1. A method for determining the quasi-recall rate of a recall strategy is characterized by comprising the following steps:

vector data for online recall is generated according to the recall strategy;

determining a quasi-recall rate corresponding to the recall strategy according to the recall result;

the vector data includes a content vector;

2. The method of claim 1, wherein the vector data comprises a user vector;

3. The method of claim 2, wherein the determining similar users corresponding to the first preset user from the user vector comprises:

4. The method of claim 2, wherein the determining the recall result from the first click content information and the second click content information comprises:

5. The method of claim 4, wherein the determining, according to the comparison result, the retrieval information and the content-related information corresponding to the recall policy includes:

6. The method of claim 5, wherein the step of determining the position of the probe is performed,

7. The method of claim 1, wherein the determining the recall result from the content vector, the related content candidate set, the retrieved content candidate set included in the vector data comprises:

8. The method of any one of claims 4-7, wherein the determining a quasi-recall corresponding to the recall policy based on the recall result comprises:

9. The method of claim 8, wherein the determining the recall from the first number, the second number, the third number comprises:

10. The method of any of claims 1-7, 9, wherein the generating vector data for online recall according to the recall policy comprises:

11. The method of any one of claims 4-7, further comprising:

12. A device for determining a quasi-recall rate of a recall strategy, comprising:

the determining module is used for determining the quasi-recall rate corresponding to the recall strategy according to the recall result;

the vector data includes a content vector; if the recall policy includes content-based collaborative filtering, the simulation module includes a second determination unit to: acquiring third click content corresponding to a second time threshold value of a second preset user; determining a related content candidate set and a search content candidate set according to the third click content; and determining the recall result according to the content vector, the related content candidate set and the retrieval content candidate set which are included in the vector data.
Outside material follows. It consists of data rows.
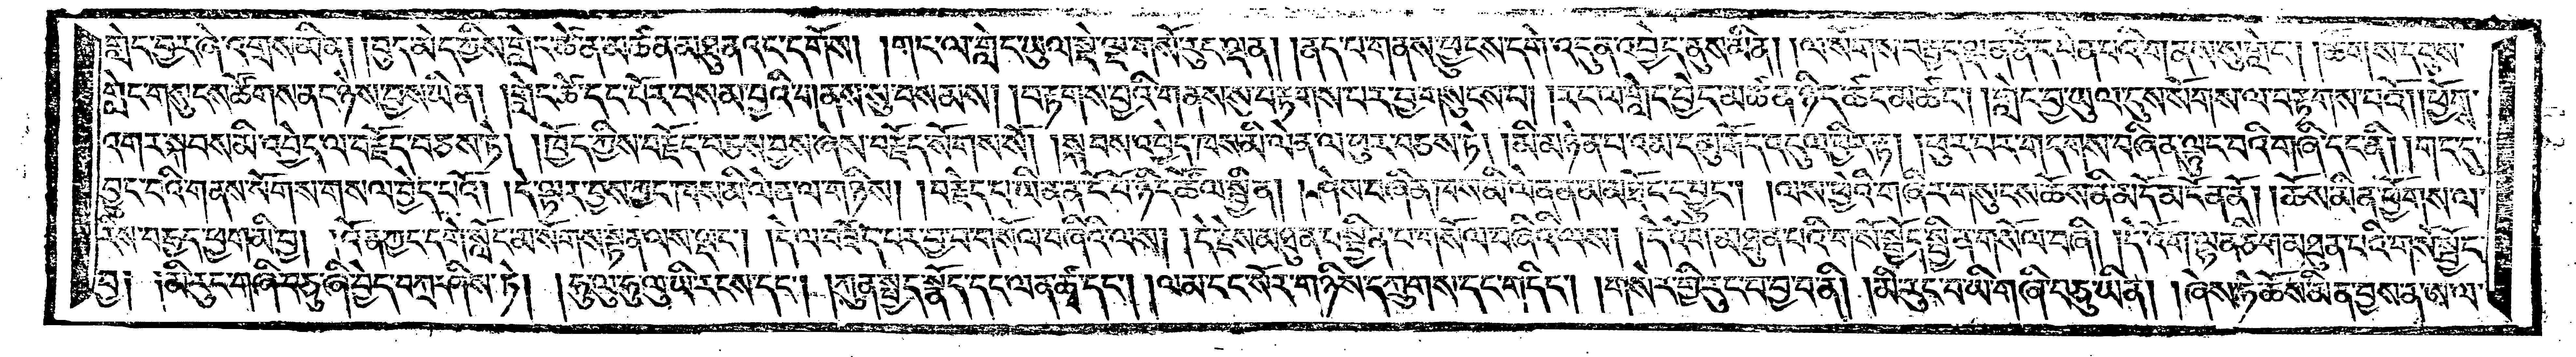གླེང་བྱར་ཞེ་འགྲས་མིན། །བུད་མེད་ཀྱིས་གླེང་ཚེན་མཚན་མཐུན་འང་དགོས། །གང་ལ་གླེང་ཡུལ་སྡེ་ལྔ་གསོ་རུང་ལྡན། །ནད་པ་གནས་ཕྱུངས་དགེ་འདུན་འབྱེད་ནུས་མིན། །ལ་སོགས་བ་བྱད་ལྡན་ནོ་དབེན་པའི་གནས་སུ་གླེང་། །ཚོགས་དབུས་
གླེང་གསུངས་ཚོགས་ནང་ཉེས་བྱས་ཡིན། །གླེང་ཚེ་དང་པོར་བསམ་བྱའི་གནས་སུ་བསམས། །བརྟགས་བྱའི་གནས་སུ་བརྟགས་པར་བྱ་གསུངས་པ། །རང་ལ་གླེང་བྱེད་མཚན་ཉིད་ཚང་མ་ཚང་། །གླེང་བྱ་ཡུལ་དུས་སོགས་ལ་བརྟགས་པའོ། །ཕྱོགས་
འགར་སྐབས་མ་འབྱེད་ལ་བརྗོད་བཅས་ཏེ། །ཁྱོད་ཀྱིས་བརྗོད་བཅས་བྱས་ཞེས་བརྗོད་སོགས་སོ། །སྐབས་འབྱེད་ཁས་མི་ལེན་ལ་ཕྱར་བཅས་ཏེ། །མི་མཉེན་པའམ་དམུ་རྒོད་འདུལ་ཕྱིར་རྟ། །ཕུར་པར་གདགས་བཞིན་ལྟུར་བའི་གཞི་དང་ནི། །གང་དུ་
བྱུང་བའི་གནས་སོགས་གསལ་བྱེད་པའོ། །དེ་ལྟར་བྱས་ཀྱང་ཁས་མི་ལེན་ལ་གཉིས། །བརྗེད་པ་ཡིན་ན་ངོ་བོ་ཉིད་ཚོལ་སྦྱིན། །ཞེས་བཞིན་ཁས་མི་ལེན་ན་མ་མཐོང་བ་བྱུང་། །ལས་ཕྱེའི་གཞིར་གསུངས་ཆོས་ནི་མདོ་མངོན་ནོ། །ཆོས་མིན་ཕྱོགས་ལ་
རིས་བརྒྱད་ཕྱག་མི་བྱ། །འོན་ཀྱང་དགེ་སློང་མ་སོགས་སྟན་ལས་ལྡང་། །དེ་ལ་བཟོད་པར་བྱ་བ་གསོལ་བཞིའི་ལས། །དེ་རྗེས་མཐུན་པ་སྦྱིན་པ་གསོལ་བཞིའི་ལས། །དེ་འོག་མཐུན་པའི་གསོ་སྤྱོད་སྦྱིན་གསོལ་བཞི། །དེ་འོག་ལྷན་ཅིག་མཐུན་པའི་གསོ་སྦྱོང་
བྱ། ༑མི་རུང་གཞི་བཅུ་ཞི་བྱེད་བཀྲ་ཤིས་ཏེ། །ཧུ་ལུ་ཧུ་ལུ་ཡི་རང་ས་དང་། །ཀུན་སྤྱད་སྣོད་དང་ལན་ཚྭ་དང་། །ལམ་དང་སོར་གཉིས་དཀྲུགས་དང་གདིང་། །གསེར་གྱི་རུང་བ་བྱ་བ་ནི། །མི་རུང་བ་ཡི་གཞི་བཅུ་ཡིན། །ཞེས་ཏེ་ཆོས་མིན་བྱས་ན་ཨ་ལ་

13. The apparatus of claim 12, wherein the vector data comprises a user vector;

if the recall policy includes user-based collaborative filtering, the simulation module includes a first determination unit configured to:

14. The apparatus according to claim 13, wherein the first determining unit is specifically configured to:

15. The apparatus of any one of claims 12-14, wherein the recall result includes content-related information, retrieval information;

the determining module includes:

A statistics unit, configured to determine, according to the content related information and the search information, a first number of searched related content, a second number of searched unrelated content, and a third number of non-searched related content;

and the quasi-calling rate determining unit is used for determining the quasi-calling rate according to the first quantity, the second quantity and the third quantity.

16. The apparatus of any one of claims 12-14, wherein the generating module comprises:

the data processing unit is used for acquiring historical click data of a user and determining user correlation information and content correlation information according to the historical click data;

and the training unit is used for training the user correlation information and the content correlation information to obtain correlation vectors, and splitting the correlation vectors to obtain user vectors and content vectors.

17. An electronic device, comprising:

at least one processor; and

the memory stores instructions executable by the at least one processor to enable the at least one processor to perform the method of any one of claims 1-11.

18. A non-transitory computer readable storage medium storing computer instructions for causing the computer to perform the method of any one of claims 1-11.